Apres-tout.org : Septic tank atau tangki septik ialah daerah untuk memuat seluruh air dan limbah dari rumah tangga. Untuk itu, penting menjaga septic tank tetap kondusif dan berfungsi baik demi menciptakan rumah menjadi wangi. Namun, dilansir dari The Pink Plumber, ada tiga duduk perkara umum yang kerap terjadi pada septic tank mirip berikut ini.

Mampet

Masalah pertama yang kerap terjadi pada septic tank yaitu mampet. Untuk mengtasinya, gunakan pompa tangki biasa. Frekuensi penyedotan septic tank bergantung pada jumlah anggota keluarga dan seberapa sering memakai pipa ledeng. Namun, pada umumnya tukang ledeng mengusulkan untuk menguras septic tank setiap tiga hingga lima tahun.

Retak

Selanjutnya, dilema yang kerap dialami septic tank ialah keretakan. Ini bisa sebab terkena akar pohon di halaman rumah. Akar pohon dapat membuat pondasi dan jalur menuju pintu rumah menjadi retak. Septic tank yang retak dapat mengakibatkan air limbah bocor ke persediaan air tanah sehingga mencemari sumber air higienis, mmencemari lingkungan, serta berefek negatif pada kesehatan binatang liar di sekeliling rumah Anda.

Bocor

Kebocoran menjadi dilema yang umum terjadi pada septic tank, entah itu karena retakan dari akar pohon atau hal lainnya. Jika rumah berumput, salah satu tanda dari septic tank bocor adalah rumput tampakberwarna hijau asing dan teksturnya menjadi halus seperti spons. Hal ini alasannya air limbah sudah merembes ke halaman rumah.

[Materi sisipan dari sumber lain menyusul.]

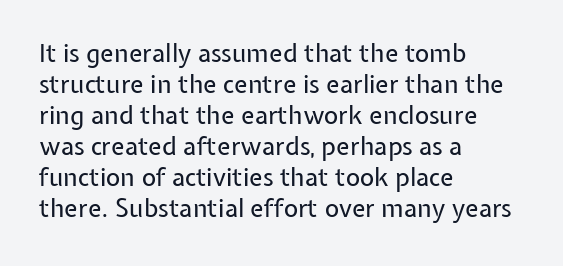
A light-to-regular cut is what we see here. Clear beneath every line of the passage. Vertical strokes here are truly vertical. The passage shown has conventional tracking throughout. Leftover space on each line is placed entirely after the last word.
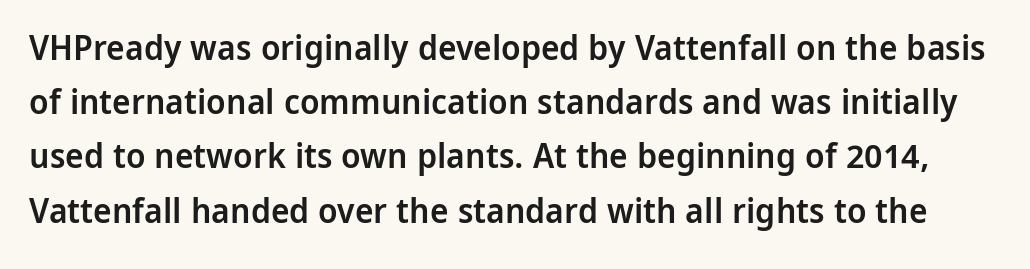
{"serif": "no", "italic": "no", "bold": "semi", "weight": "semibold", "width": "normal", "stroke_contrast": "low", "x_height": "medium", "monospaced": "no", "underline": "no", "line_spacing": "normal", "line_spacing_ratio": 1.55, "letter_spacing": "normal", "letter_spacing_em": 0.0, "glyph_px": 35}

Cara merawat septic tank Guna menyingkir dari tiga dilema lazim yang terjadi pada septic tank, lakukan perawatan dengan memperhatikan sejumlah hal berikut ini. Pantau pemakaian air Pertama, pantau penggunaan air sehari-hari. Jika sering mencuci pakaian atau piring secara berlebih, dapat mengisi septic tank lebih cepat dari umumnya dan menjadi terlalu penuh.

Jangan buang barang yang merepotkan diurai

Selanjutnya, jangan membuang barang-barang yang tidak dapat terurai secara hayati ke terusan pembuangan atau toilet mirip tisu dapur, popok, produk atau tisu sanitasi, benang gigi, dan ampas kopi.

Hindari bahan kimia keras Hindari menggunakan materi kimia keras dan terlalu banyak detergen. Detergen sering menggunakan materi berjulukan surfaktan. Bahan ini tidak sesuai dengan air tanah dan banyak septic tank. Bahan kimia lain seperti pembersih susukan pembuanganserta pembersih rumah tangga lainnya dapat turut serta melarutkan pipa dan merusak septic tank.